On the other hand, in the lead alloy substrate having irregularities (No. 7), the irregularities can prevent the active material from falling off or peeling off, so that the life performance can be improved to some extent, but the substrate itself. Has corroded and leaked between cells, resulting in the end of life.

It is considered that the reason why the battery using the bipolar electrode plate of the present invention has a long life is that the corrosion of the substrate is suppressed.

[0051]

As described in detail above, in a bipolar electrode plate for a lead storage battery in which a positive electrode active material is formed on one surface and a negative electrode active material is formed on the other surface using a substrate made of a corrosion resistant metal,
A bipolar electrode plate for a lead storage battery in which a conductive oxide layer and a dense PbO ₂ layer are formed on the positive electrode active material side of the substrate, and a lead layer or a lead alloy layer is formed on the negative electrode active material side of the substrate. Since a bipolar lead acid battery having excellent life performance can be obtained by using, the industrial value thereof is extremely great.
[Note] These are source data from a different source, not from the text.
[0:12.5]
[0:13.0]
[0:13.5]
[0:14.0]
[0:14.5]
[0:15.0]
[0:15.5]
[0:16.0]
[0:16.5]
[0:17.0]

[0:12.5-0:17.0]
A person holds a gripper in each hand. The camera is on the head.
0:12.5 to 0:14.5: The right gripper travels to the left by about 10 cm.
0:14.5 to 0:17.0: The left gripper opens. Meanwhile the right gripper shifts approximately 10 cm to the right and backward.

[Brief description of drawings]

FIG. 1 is a diagram showing the relationship between the porosity and the reactivity of a PbO ₂ layer.

FIG. 2 is a sectional structural view showing an example of a bipolar electrode plate according to the present invention.
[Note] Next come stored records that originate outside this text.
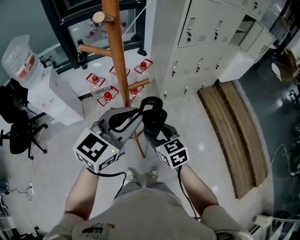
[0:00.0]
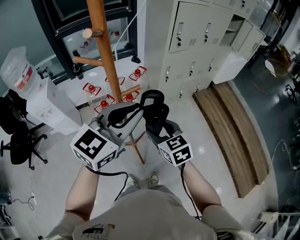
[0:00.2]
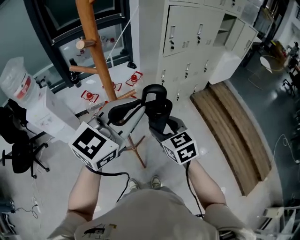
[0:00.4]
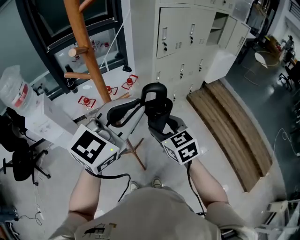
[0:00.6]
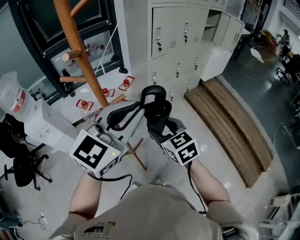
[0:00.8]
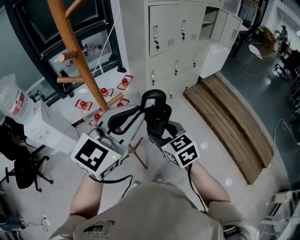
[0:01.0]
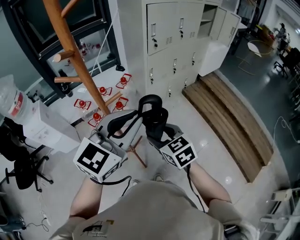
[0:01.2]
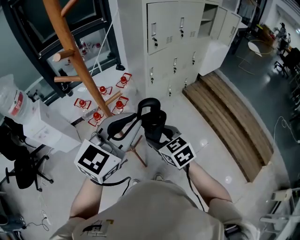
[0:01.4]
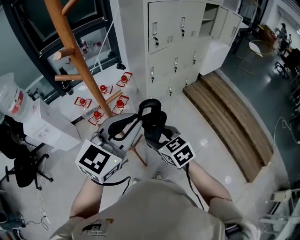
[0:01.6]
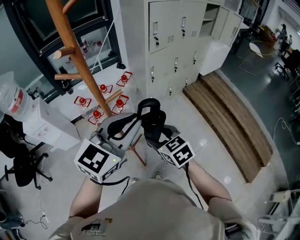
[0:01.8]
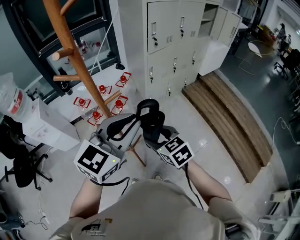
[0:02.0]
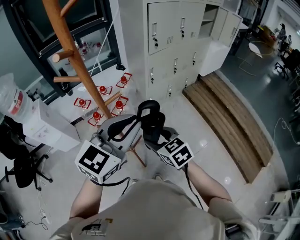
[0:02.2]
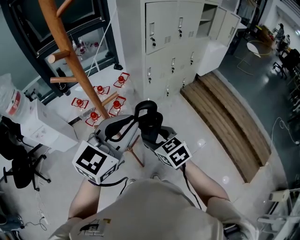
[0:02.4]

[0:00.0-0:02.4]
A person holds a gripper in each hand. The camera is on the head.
0:00.0 to 0:01.2: The two grippers go some 10 cm to the right and upward.
0:01.2 to 0:02.4: The grippers make only small movements.

FIG. 3 is a view showing a substrate having hemispherical irregularities.

FIG. 4 is a view showing a base body having a rectangular parallelepiped unevenness.

FIG. 5 is a view showing a base body having wavy unevenness.
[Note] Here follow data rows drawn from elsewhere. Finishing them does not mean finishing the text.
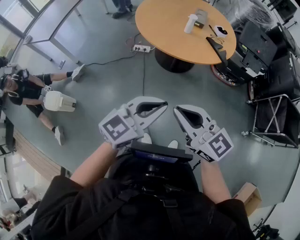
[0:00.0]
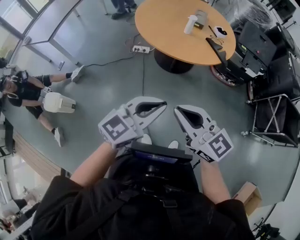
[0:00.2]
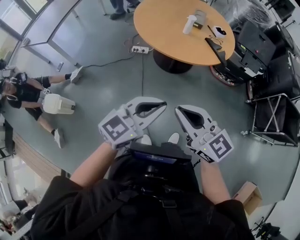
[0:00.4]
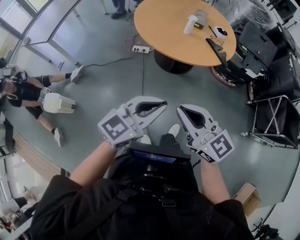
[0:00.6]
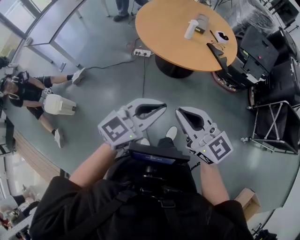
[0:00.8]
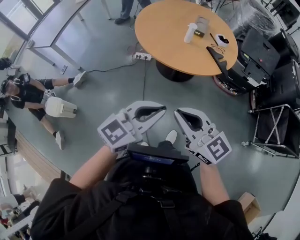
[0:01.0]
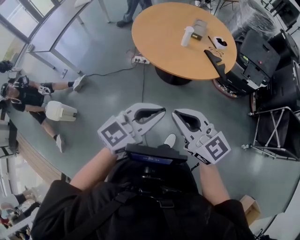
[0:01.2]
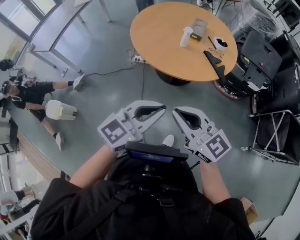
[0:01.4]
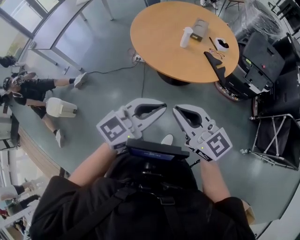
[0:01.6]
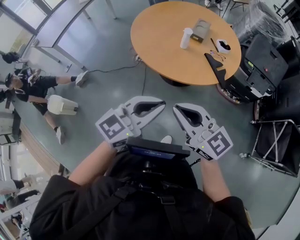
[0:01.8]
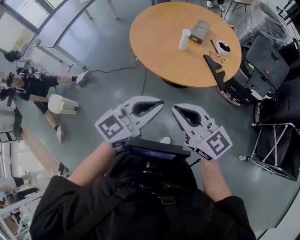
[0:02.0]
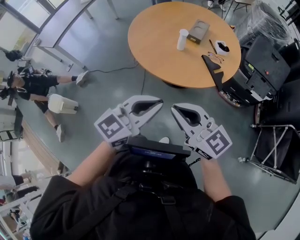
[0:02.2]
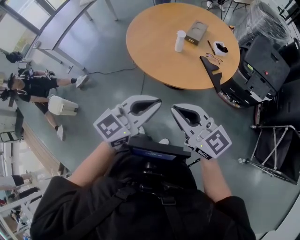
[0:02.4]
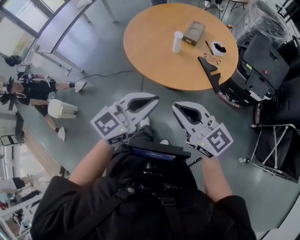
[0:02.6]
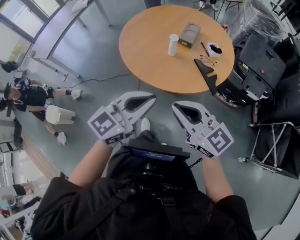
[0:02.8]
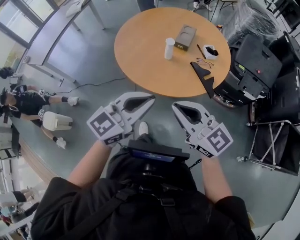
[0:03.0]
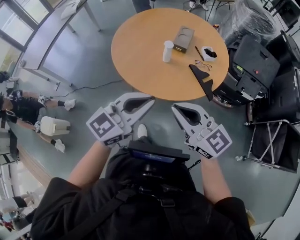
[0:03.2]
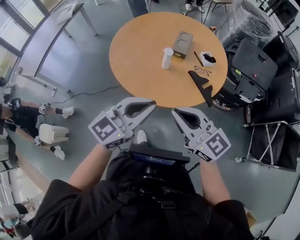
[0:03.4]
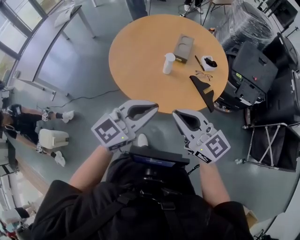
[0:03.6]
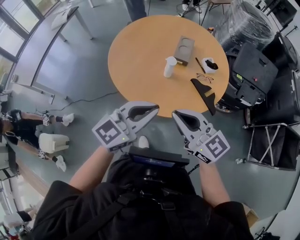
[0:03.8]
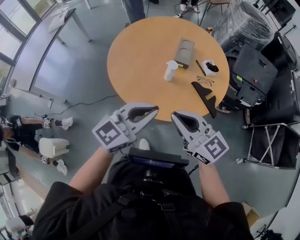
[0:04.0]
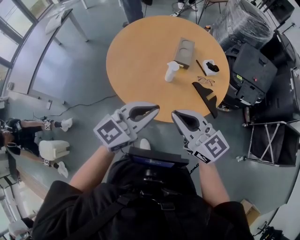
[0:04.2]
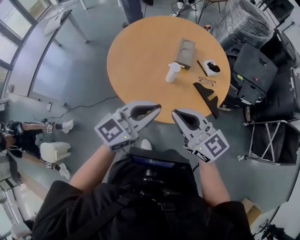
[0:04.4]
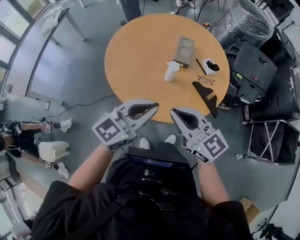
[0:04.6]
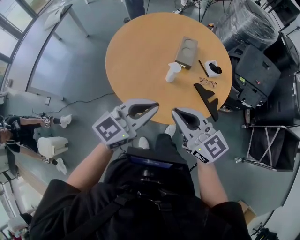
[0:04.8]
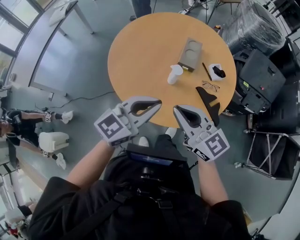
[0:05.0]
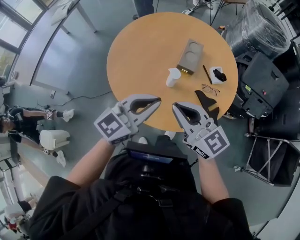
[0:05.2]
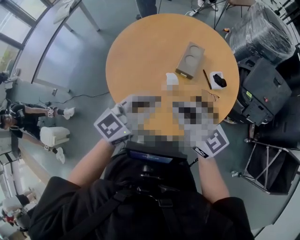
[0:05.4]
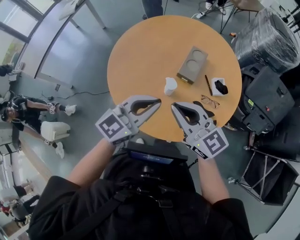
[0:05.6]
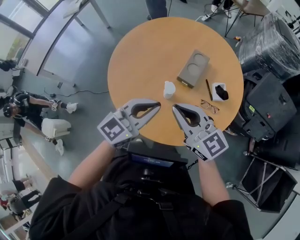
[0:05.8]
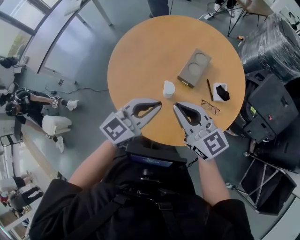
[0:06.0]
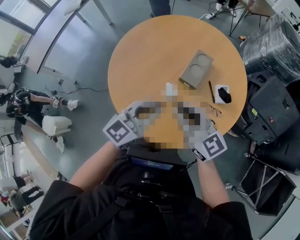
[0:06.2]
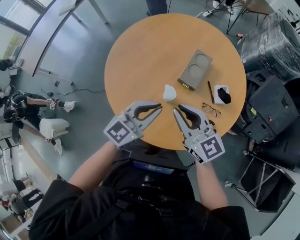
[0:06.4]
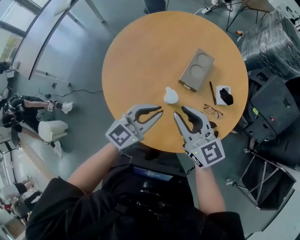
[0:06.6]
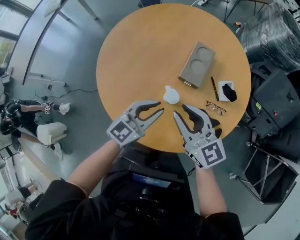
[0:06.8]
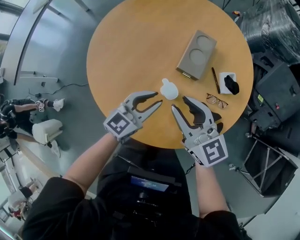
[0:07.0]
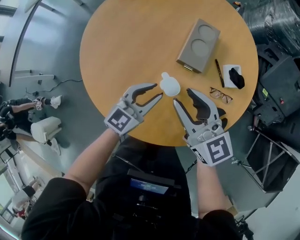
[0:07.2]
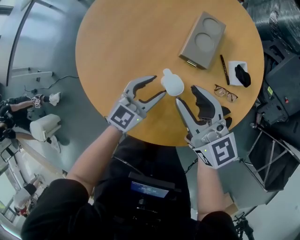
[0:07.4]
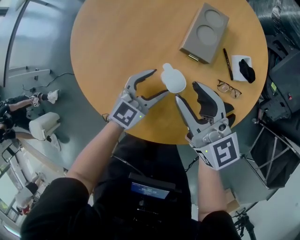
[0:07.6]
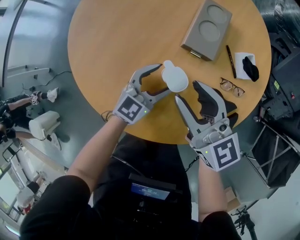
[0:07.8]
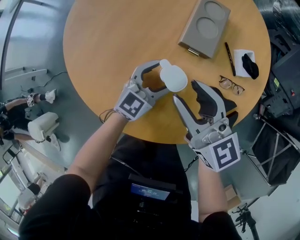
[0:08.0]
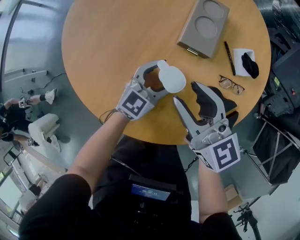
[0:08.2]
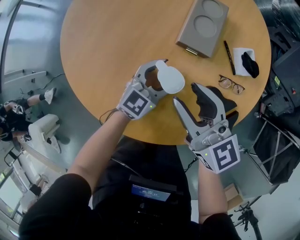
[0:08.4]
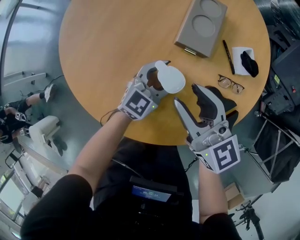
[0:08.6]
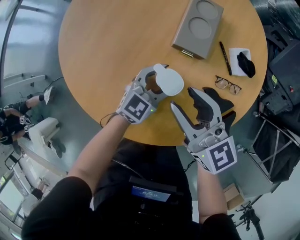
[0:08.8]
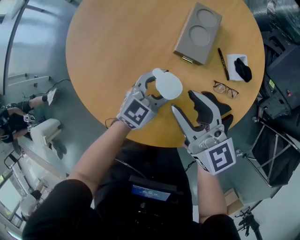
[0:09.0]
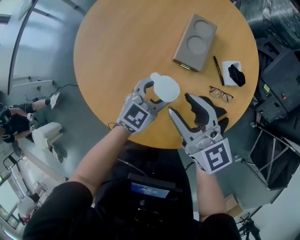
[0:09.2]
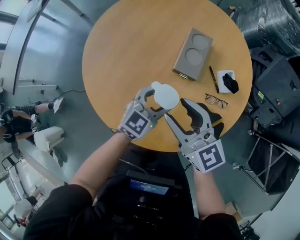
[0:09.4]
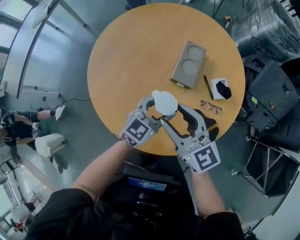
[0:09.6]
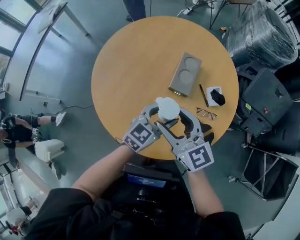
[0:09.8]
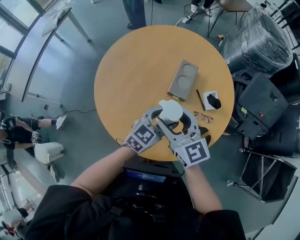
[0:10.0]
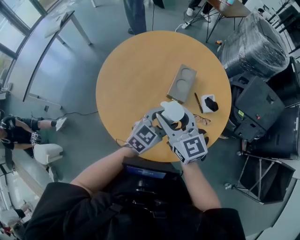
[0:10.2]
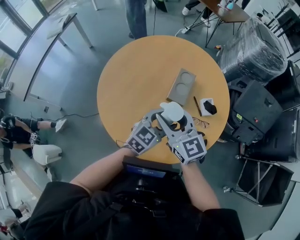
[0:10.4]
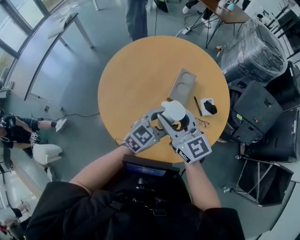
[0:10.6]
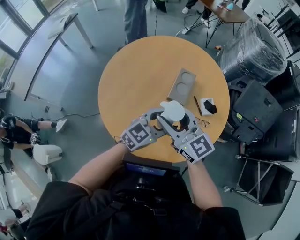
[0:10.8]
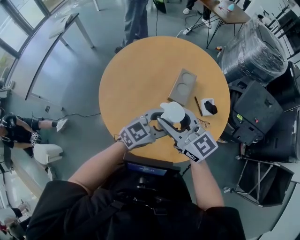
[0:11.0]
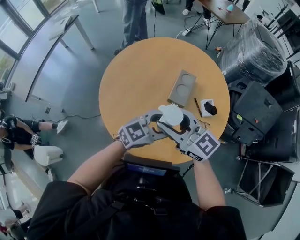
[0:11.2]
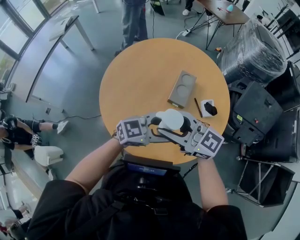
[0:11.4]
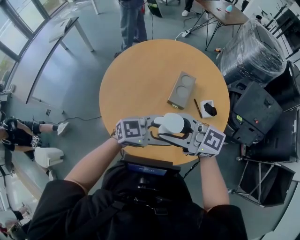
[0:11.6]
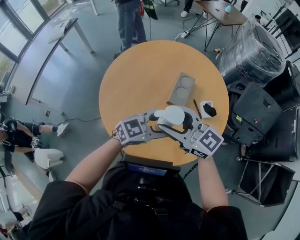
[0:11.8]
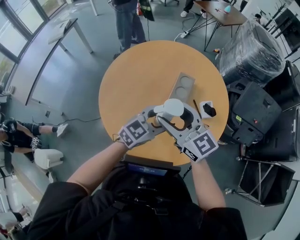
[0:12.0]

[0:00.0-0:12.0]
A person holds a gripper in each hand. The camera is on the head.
0:00.0 to 0:01.6: The two grippers go roughly 25 cm forward and to the right.
0:01.6 to 0:03.0: The grippers both shift forward and to the right by roughly 20 cm.
0:03.0 to 0:04.4: The grippers both shift forward and to the left by some 30 cm.
0:04.4 to 0:06.0: Both grippers travel together forward and to the right, some 30 cm.
0:06.0 to 0:07.6: Both grippers travel together downward and forward, about 35 cm. The right gripper opens. Meanwhile the left gripper opens.
0:07.6 to 0:09.0: The left gripper travels to the right by roughly 5 cm.
0:09.0 to 0:10.4: The two grippers go approximately 30 cm upward.
0:10.4 to 0:12.0: The right gripper shifts approximately 5 cm upward.

FIG. 6 is a diagram showing an example of a bipolar electrode plate.

FIG. 7 is a diagram showing a battery using a bipolar electrode plate.

FIG. 8 is a diagram showing a battery using a bipolar electrode plate.

[Explanation of symbols]

1 Corrosion-Resistant Metal Base 2 Conductive Oxide Layer 3 α-PbO ₂ 4 β-PbO ₂ 5 Positive Electrode Active Material 6 Lead or Lead Alloy Layer 7 Negative Electrode Active Material 8 Irregularities 9 Cell Separation Area 10 Positive Electrode Active Material Filled Surface 11 Negative Electrode Active material filled surface 12 Bipolar electrode plate 13 Separator 14 Positive electrode terminal 15 Negative electrode terminal 16 Resin frame 17 Liquid injection port 18. Exhaust valve

Claims (5)

[Claims] 1. A bipolar electrode plate for a lead storage battery, comprising a substrate made of a corrosion-resistant metal and having a positive electrode active material formed on one surface and a negative electrode active material formed on the other surface, wherein the positive electrode active material side of the substrate is electrically conductive. A bipolar electrode plate for a lead storage battery, characterized in that a conductive oxide layer and a dense PbO ₂ layer are formed, and a lead layer or a lead alloy layer is formed on the negative electrode active material side of the substrate. 2. The bipolar electrode plate for a lead storage battery according to claim 1, wherein the substrate made of a corrosion resistant metal is titanium, zirconium, niobium, tantalum, tungsten or a base alloy thereof. 3. The dense PbO ₂ layer is α-PbO ₂ or β-PbO ₂ , or α-PbO ₂ and β-PbO ₂
The bipolar electrode plate for a lead storage battery according to claim 1, wherein the bipolar plates are alternately laminated. 4. The lead-acid battery bipolar plate according to claim 1, wherein the dense PbO ₂ layer has 10% or less of pores having a diameter of 10 μm or less in a volume thereof. 5. The lead-acid battery bipolar plate according to claim 1, wherein the active material layer-forming surface of the substrate is provided with irregularities.